**How to complete this task:**
Wherever the word "clipPath" appears in a line of the data, that line should be copied.

**Working data:**

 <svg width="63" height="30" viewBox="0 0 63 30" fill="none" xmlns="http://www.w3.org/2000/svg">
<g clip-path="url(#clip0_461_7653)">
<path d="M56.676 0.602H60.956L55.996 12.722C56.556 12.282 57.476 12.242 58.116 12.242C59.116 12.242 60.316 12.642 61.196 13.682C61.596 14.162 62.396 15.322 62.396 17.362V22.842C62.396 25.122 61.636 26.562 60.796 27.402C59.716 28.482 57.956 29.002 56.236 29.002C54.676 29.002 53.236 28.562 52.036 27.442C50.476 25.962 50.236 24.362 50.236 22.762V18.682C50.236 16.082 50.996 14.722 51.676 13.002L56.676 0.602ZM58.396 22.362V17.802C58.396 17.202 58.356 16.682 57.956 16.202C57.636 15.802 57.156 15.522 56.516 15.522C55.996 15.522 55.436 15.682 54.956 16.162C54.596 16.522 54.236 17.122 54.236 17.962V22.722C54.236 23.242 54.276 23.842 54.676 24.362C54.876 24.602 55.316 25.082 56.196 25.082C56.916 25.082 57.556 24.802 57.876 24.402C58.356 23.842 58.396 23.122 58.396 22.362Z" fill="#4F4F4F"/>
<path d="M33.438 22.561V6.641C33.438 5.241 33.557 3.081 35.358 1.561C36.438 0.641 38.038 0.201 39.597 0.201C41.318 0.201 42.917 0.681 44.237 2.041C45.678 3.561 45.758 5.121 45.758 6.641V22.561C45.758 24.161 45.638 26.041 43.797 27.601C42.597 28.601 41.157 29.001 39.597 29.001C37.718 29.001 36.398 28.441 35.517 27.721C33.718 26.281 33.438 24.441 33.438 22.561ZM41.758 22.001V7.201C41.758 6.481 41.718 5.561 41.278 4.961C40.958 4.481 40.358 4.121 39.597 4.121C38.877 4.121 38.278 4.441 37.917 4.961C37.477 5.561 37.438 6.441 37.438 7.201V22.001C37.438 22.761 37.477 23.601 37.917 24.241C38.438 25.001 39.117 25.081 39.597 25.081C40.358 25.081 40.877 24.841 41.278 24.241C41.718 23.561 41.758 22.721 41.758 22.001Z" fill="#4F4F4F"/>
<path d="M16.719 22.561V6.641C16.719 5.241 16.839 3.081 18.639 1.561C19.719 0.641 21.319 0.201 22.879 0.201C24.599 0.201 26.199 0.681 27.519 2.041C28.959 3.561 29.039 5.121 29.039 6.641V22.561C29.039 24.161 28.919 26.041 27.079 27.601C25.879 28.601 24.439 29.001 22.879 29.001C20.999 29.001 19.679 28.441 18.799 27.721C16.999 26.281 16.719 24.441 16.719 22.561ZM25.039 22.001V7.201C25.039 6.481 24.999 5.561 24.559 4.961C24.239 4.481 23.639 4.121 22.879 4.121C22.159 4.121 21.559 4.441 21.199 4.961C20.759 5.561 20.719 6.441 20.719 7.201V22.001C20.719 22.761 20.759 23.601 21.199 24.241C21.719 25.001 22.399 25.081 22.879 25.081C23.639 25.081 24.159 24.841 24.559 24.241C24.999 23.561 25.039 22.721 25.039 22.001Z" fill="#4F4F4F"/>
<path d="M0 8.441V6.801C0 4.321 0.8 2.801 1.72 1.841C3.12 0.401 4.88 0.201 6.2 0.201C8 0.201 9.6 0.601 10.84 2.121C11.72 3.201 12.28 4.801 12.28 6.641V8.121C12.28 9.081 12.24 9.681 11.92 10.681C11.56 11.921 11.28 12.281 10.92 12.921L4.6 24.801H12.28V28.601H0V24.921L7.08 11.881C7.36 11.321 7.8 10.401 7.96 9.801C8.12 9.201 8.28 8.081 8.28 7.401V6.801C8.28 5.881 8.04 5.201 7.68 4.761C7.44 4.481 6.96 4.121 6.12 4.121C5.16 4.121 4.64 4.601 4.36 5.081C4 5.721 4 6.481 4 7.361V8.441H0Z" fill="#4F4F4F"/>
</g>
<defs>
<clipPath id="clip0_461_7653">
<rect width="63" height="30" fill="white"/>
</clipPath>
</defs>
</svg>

**Task solution:**
<clipPath id="clip0_461_7653">
</clipPath>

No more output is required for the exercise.